| REQUIRED ACTION |
For the entries that follow, count the lines containing the string "spacing" and write only the number.

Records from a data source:
::::

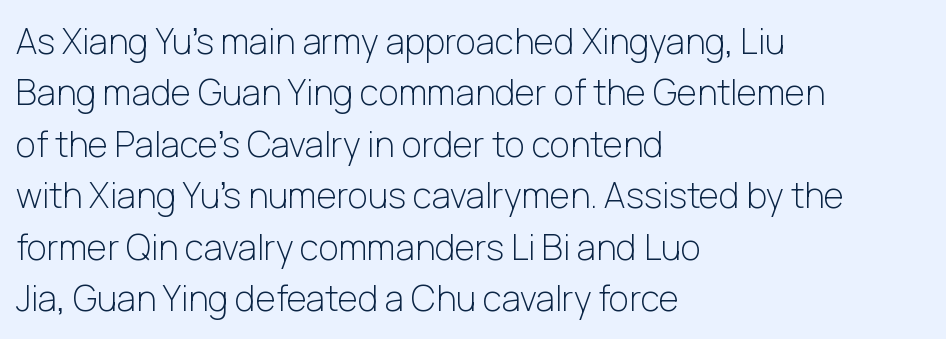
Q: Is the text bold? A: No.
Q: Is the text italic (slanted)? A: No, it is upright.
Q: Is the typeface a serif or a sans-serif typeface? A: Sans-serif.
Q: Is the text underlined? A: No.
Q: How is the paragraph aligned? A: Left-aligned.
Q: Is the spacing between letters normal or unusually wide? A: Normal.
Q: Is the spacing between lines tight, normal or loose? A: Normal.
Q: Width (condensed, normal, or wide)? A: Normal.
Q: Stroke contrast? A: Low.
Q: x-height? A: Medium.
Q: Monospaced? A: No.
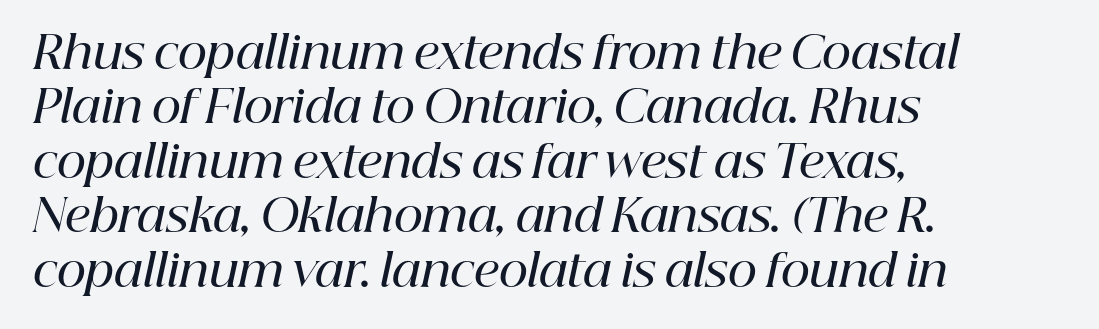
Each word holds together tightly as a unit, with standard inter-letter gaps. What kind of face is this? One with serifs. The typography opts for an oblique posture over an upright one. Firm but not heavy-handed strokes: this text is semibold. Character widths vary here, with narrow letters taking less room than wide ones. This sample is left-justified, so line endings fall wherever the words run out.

::::

| RESULT OF THIS EXERCISE |
2